And from the same designer, Grey Ranks http://bullypulpitgames.com/games/grey-ranks/
― I have measured out my life in coffee shop loyalty cards (silby), Tuesday, 22 January 2019 17:34 (seven years ago)
it looks extremely interesting and i'd love to play it but i don't think it'll let me simulate what i have in mind from the description... altho maybe. i do like the idea of having separate cycles for interpersonal drama and then mission/conflict.
― Mordy, Tuesday, 22 January 2019 17:35 (seven years ago)
oh that looks good too. i'll have to watch the gameplay vids after work to see if there's enough of a framework there that i can alter it to take place today.
― Mordy, Tuesday, 22 January 2019 17:36 (seven years ago)
any ilxors interested in maybe trying a rotating RPG club online through maybe roll20 or fb chat or something? there are a bunch of systems and settings i'm interested in trying and my weekly group is pretty much committed to the current dnd campaign.
― Mordy, Tuesday, 29 January 2019 16:34 (seven years ago)
already doing one. we use roll20 for the map and character sheets and dice and we use google chat for talking to each other, works pretty good.
― the late great, Tuesday, 29 January 2019 18:46 (seven years ago)
plz can i get in?
― Mordy, Tuesday, 29 January 2019 18:47 (seven years ago)
sure. i'm the GM, we're playing the 1982 edition of TSR's star frontiers, about halfway through the volturnus campaign.
― the late great, Tuesday, 29 January 2019 18:50 (seven years ago)
how do u want to connect? i'm on facebook at facebook.com/mordy if u want to talk through there or you can just email me @ mms531 *A*T* nyu *D*O*T* e;d;u;
― Mordy, Tuesday, 29 January 2019 18:59 (seven years ago)
i&I wanna be playing some call of cthulhu tbh
― ian, Sunday, 19 April 2020 19:06 (five years ago)
started a delta green campaign with four friends yesterday. it went pretty well.
― the ghost of tom, choad (thomp), Monday, 20 April 2020 04:29 (five years ago)
I've not tried any of the stuff suggested above yet - am meaning to when I get enough time to get my head around it - but I did a "scenario" the other weekend that went down very well.

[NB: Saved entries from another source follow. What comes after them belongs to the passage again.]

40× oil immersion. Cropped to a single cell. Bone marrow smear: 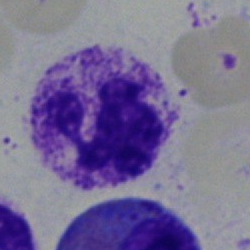 This is a neutrophil (segmented).
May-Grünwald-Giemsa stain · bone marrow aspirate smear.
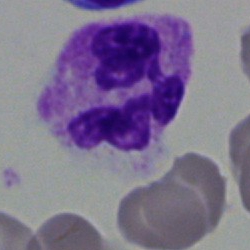

Cell type = segmented neutrophil.
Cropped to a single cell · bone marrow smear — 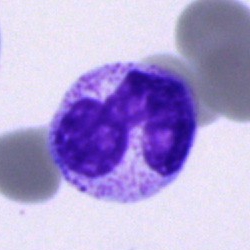

Specimen: bone marrow aspirate smear.
Classification: band-form neutrophil.
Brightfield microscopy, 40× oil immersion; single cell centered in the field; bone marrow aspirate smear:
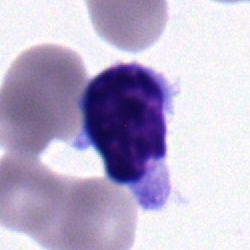This is a typical lymphocyte.
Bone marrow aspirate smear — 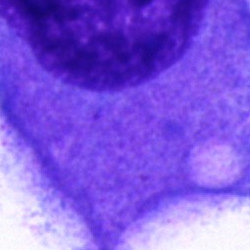 Single cell identified as an artifact.
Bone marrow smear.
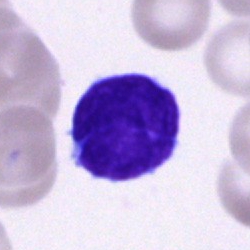The morphological class is typical lymphocyte.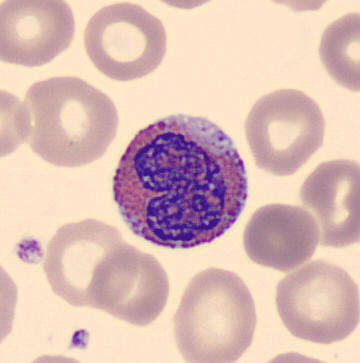Preparation: CellaVision DM96; peripheral blood film; MGG stain. Q: What is shown here?
A: An eosinophilic granulocyte.
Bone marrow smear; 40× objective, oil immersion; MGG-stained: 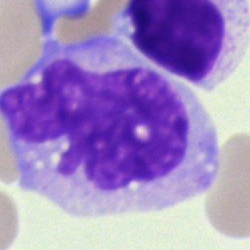Q: Identify the cell.
A: A monocyte.
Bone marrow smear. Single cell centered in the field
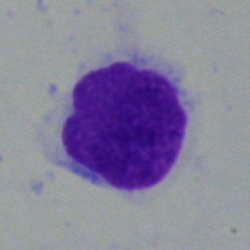

This is a hairy cell.
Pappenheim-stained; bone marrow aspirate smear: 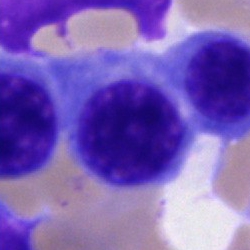
Q: Identify the cell.
A: Erythroblast.

In it, she's a "Worst Witch" type kid at a witch school, and I had her "friend" cast a spell wrong that shrank them both, and had her friend get carried away by a rat, and then let her figure out how she would rescue her friend. I made a map of the witch school building, came up with some traps/adversaries, and had a very simple system for conflicts/challenges, where she had scores for magic, charisma and strength, and if she needed to do anything she had to roll under that number with two dice. And I let her invent her own spells to achieve any magic stuff, but on the proviso that she had to roll under her magic score to make the spell work, and she had to compose the spell and make it a rhyming couplet. It was lots of fun!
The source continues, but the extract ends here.